(Entries provided)

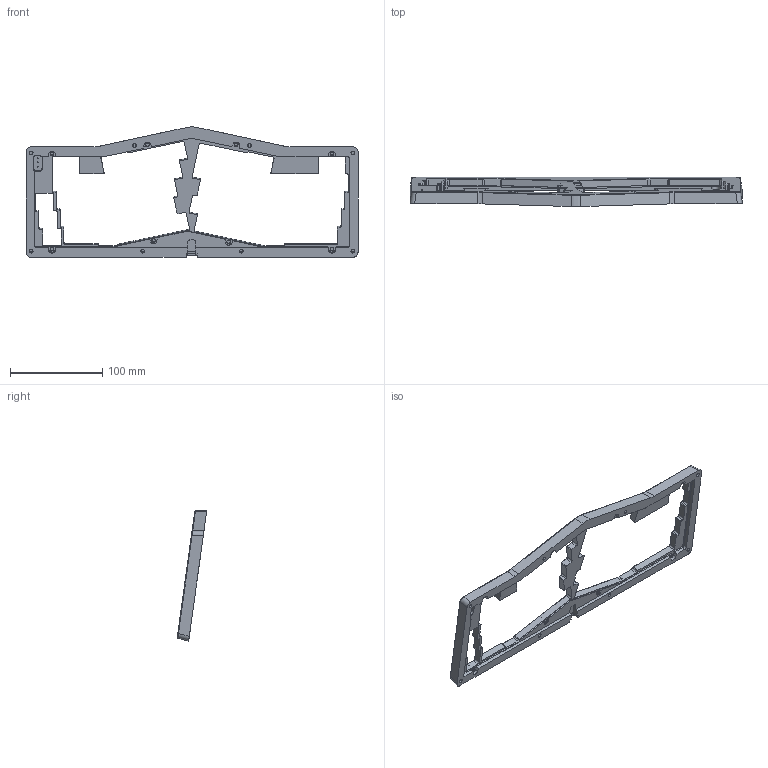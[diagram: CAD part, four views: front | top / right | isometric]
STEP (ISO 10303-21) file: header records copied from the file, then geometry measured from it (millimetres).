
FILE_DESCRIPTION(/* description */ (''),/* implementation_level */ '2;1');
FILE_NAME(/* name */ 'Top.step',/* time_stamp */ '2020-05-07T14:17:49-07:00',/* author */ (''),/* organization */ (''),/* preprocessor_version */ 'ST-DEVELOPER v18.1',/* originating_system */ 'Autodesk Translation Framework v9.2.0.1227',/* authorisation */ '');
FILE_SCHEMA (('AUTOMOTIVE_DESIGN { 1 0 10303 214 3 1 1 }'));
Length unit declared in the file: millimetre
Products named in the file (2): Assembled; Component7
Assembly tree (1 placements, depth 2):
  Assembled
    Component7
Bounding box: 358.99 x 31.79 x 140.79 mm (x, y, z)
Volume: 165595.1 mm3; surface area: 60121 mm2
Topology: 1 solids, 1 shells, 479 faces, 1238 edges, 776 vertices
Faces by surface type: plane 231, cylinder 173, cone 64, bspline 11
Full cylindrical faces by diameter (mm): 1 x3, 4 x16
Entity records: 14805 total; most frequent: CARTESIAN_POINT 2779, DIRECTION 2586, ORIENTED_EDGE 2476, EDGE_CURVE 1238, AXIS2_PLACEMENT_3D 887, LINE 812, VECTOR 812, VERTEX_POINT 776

(End Entries provided)
(Entries provided)

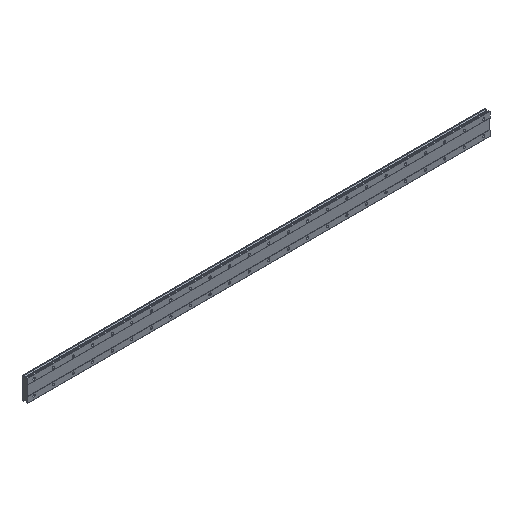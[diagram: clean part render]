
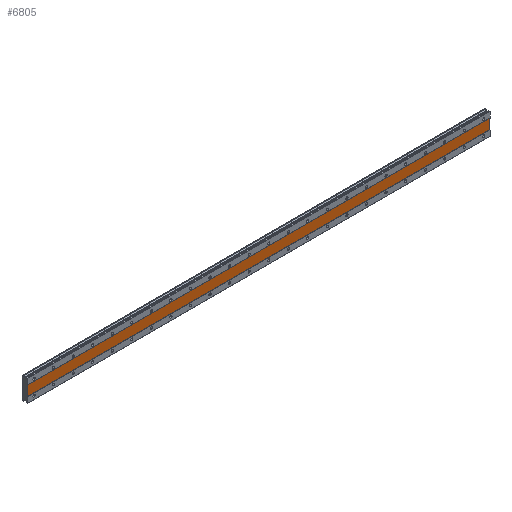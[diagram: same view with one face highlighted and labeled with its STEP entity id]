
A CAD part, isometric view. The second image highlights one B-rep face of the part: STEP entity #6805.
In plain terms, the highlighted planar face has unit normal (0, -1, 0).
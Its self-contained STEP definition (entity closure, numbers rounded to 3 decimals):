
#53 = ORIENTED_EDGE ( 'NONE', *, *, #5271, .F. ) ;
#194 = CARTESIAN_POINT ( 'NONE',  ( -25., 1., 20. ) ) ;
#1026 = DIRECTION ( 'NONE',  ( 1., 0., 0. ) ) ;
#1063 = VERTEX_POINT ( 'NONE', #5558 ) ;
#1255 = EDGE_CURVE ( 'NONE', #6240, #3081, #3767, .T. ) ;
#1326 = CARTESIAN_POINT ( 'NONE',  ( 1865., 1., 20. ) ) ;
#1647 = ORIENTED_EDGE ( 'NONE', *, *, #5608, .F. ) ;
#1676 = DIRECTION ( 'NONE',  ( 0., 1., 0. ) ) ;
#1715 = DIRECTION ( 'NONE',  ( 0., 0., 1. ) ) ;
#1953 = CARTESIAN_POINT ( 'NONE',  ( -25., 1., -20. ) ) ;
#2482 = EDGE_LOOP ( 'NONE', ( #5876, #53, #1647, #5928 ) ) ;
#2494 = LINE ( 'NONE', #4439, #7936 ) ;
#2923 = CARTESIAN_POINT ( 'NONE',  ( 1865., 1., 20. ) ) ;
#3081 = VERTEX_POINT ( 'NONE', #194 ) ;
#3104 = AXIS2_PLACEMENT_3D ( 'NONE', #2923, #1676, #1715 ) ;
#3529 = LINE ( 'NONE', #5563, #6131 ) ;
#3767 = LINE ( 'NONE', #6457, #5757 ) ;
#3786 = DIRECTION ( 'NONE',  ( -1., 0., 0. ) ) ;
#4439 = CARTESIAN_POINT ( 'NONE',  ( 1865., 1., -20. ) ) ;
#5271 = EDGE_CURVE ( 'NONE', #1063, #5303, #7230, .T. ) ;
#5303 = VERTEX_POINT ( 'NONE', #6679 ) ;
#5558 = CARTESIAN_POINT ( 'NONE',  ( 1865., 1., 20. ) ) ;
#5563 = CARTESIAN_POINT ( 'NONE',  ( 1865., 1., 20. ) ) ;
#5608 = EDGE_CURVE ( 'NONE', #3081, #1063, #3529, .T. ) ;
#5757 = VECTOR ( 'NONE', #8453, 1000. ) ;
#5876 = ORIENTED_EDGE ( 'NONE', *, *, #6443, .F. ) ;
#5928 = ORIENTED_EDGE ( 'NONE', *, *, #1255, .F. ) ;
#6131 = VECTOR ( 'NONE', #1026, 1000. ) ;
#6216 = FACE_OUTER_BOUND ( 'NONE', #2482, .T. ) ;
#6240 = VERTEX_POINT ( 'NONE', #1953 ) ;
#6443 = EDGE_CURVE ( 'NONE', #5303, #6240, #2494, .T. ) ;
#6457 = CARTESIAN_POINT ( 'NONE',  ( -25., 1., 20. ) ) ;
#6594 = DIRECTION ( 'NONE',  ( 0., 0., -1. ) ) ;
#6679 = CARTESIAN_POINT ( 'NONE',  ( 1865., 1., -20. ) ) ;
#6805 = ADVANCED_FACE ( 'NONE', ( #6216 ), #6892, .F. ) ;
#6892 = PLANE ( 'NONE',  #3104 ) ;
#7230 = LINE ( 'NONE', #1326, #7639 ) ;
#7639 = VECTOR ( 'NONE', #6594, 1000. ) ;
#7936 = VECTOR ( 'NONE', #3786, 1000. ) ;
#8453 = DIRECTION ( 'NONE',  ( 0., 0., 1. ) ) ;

(End Entries provided)

# [Work order]
Of all the entries above, how many lines contain the string "surface"? Answer with the number only.

# [Answer section]
2